I shall consider this appeal based on the Appellants’ issues proffered for determination.

ISSUE NO1
The appellants submit that they owned the land in dispute by virtue of customary inheritance. That Epum was their ancestor and that he founded the entire land called Alabuji. That he deforested the land and was the first person to settle therein —paragraph 3 of the further amended statement of claim.

​They averred their line of descent from Epum and act of ownership and possession of their ancestors and themselves on the land.
That their forebears initiated litigation (Ozoigbo and Joseph Ozoigbo (Exhibit P8)) in 1921 and 1923 respectively against certain persons; cultivation of cashew plant and palm trees on portions of the land; the Joint survey of portion of the land by the Appellants’ father, Charles and his two brothers Gilbert and Ignatius – showing respective interest of the three brothers; the building and use of a hut on the land by the Appellants’ father; and successful prosecution of trespassers on the land.

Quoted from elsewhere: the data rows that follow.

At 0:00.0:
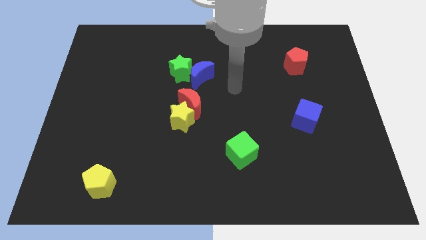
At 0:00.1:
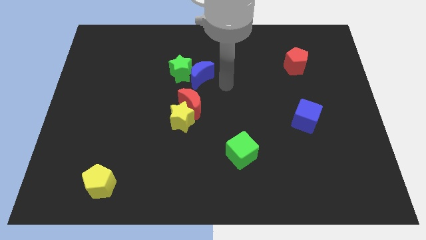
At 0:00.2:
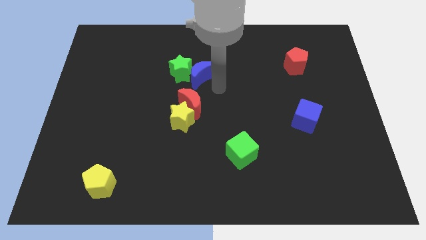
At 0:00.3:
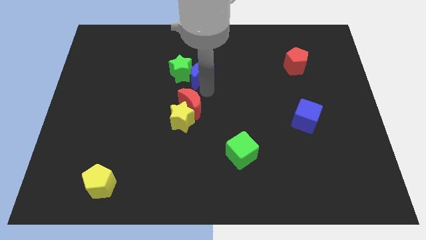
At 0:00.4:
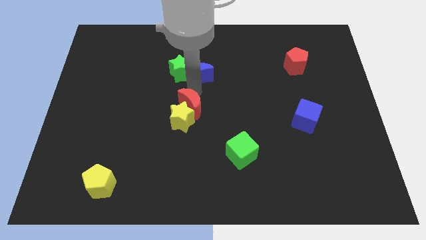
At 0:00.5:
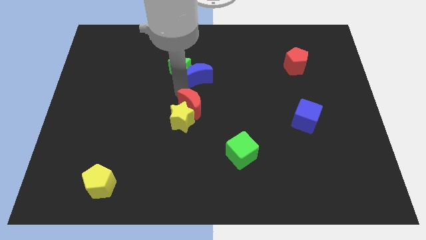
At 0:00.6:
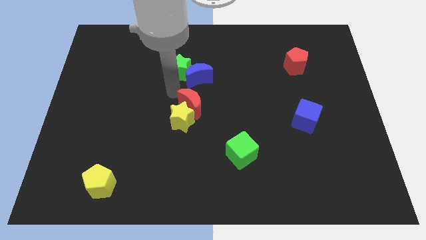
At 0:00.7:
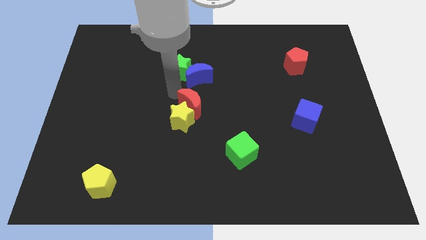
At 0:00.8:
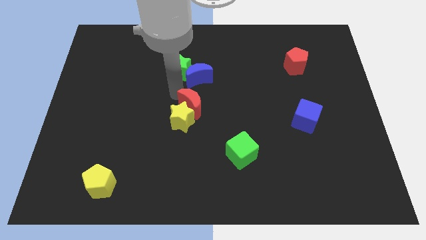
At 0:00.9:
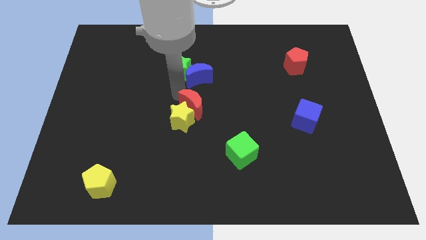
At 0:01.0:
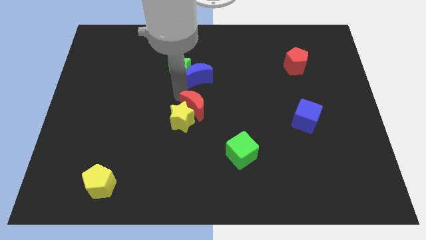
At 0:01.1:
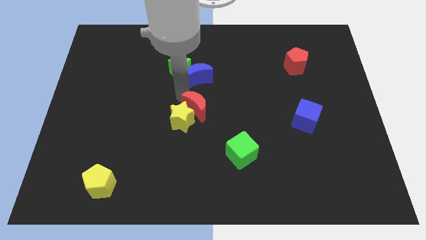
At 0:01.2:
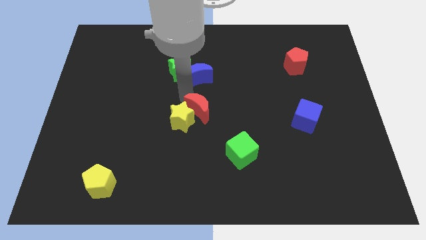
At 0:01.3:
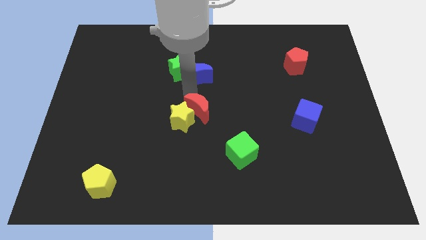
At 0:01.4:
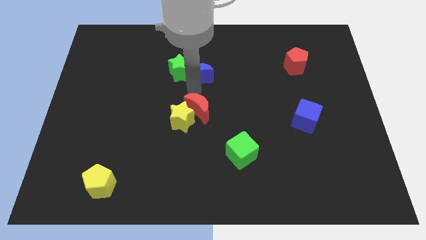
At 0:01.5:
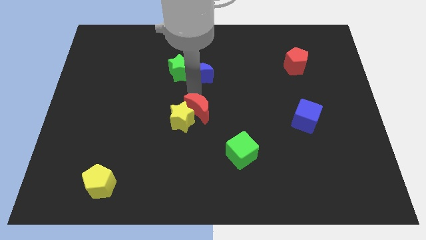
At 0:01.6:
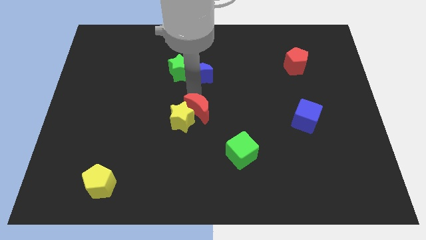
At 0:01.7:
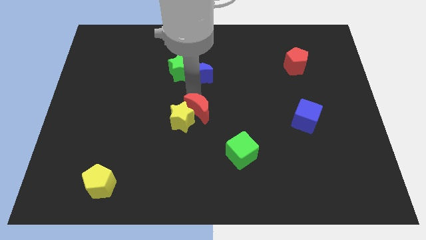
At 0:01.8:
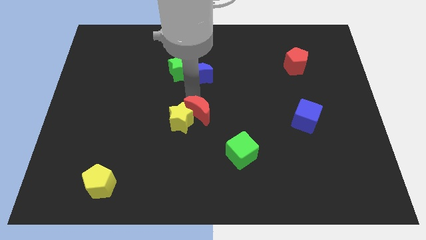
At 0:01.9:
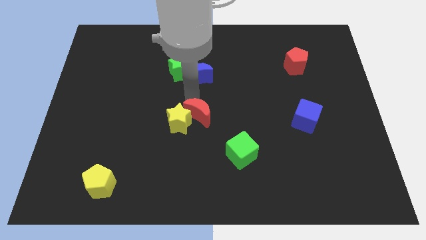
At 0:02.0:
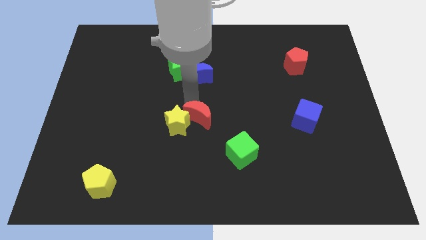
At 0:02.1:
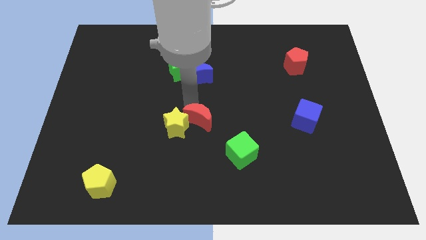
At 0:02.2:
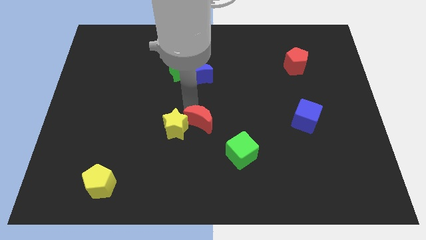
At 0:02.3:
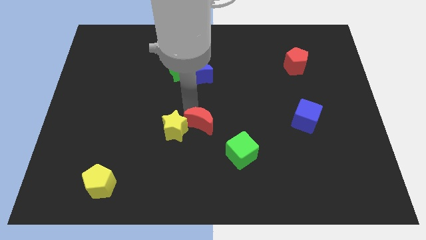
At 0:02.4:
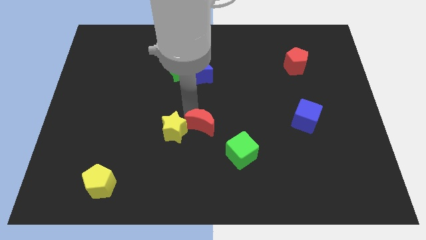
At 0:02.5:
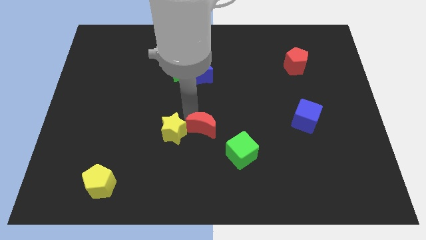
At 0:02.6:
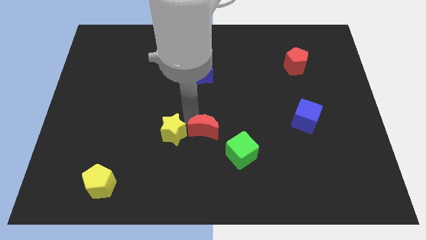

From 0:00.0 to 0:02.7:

​That the Appellants and their witnesses gave evidence buttressing the above.
That a claimant for a declaration of tittle to land first duty is to establish the identity of the land in issue. That he can achieve this by describing in evidence the size, features, location etc. of the land, such as can enable a surveyor produce a survey plan of the land showing all the features and the boundaries. That the tendering of the Appellants’ dispute survey plan in evidence and the admission thereof without objection, affects the identity of the land in dispute as well as the features and location thereof.
That Exhibit P23 represented the true location, size and features.
That the Exhibit D3 (the Respondents amended survey plan) was discountenanced on the ground that it was not pleaded.
They submit that PW4 a boundary neighbour testified on the identity, location and boundaries of ALABUJI, part of which is in dispute.

ISSUE NO 2:
The Appellants submit that the Respondents’ claim to ownership and possession of the land in dispute was predicated on traditional history. That the question is whether the Respondents could rely on acts of possession predicated on traditional history already found to be unsatisfactory and inconclusive. That it was the lower Court who suo motu jettisoned Exhibit D3 and relied on Exhibit D1 to find that the Respondents were in exclusive possession of the land in dispute and therefore entitled to perpetual injunction.
That the land in dispute is called “MGBO OKOHIA ALUKABIA” while the Appellants call it “ALABUJI”

That the Respondents could not identify the land in dispute, and therefore did not establish exclusive possession of same to entitle them to an award of damages for trespass and perpetual injunction.

​That there is no valid basis for the lower Court’s finding of exclusive possession of the land in dispute in favour of the Respondents and the award of damages for trespass and a perpetual injunction against the Appellants.

ISSUE NO 3:
They submit that the Court below suo motu expunged Exhibit “D3” from the record on the ground that same was not pleaded. The Respondents did not appeal against that decision.

Submit that in the absence of Exhibit “D3,” the Respondents did not have any other extant survey plan. It was ultra vires the lower Court to have brought back Exhibit “D1” to life, and use same to give an order of injunction.

RESOLUTION OF ISSUES
ISSUE No. 1
The Court held that in all, the Defendants/Respondents are in possession of the land in dispute, and that being so, they can maintain an action against the Plaintiffs in trespass, even though they are not the true owners or privies of the true owners of the land.  This is because the defendants are in exclusive possession of the land, and have the right to retain it and to be in undisturbed possession of it.
On the issue of title to land, the Court held that the Respondents were in exclusive possession of the land.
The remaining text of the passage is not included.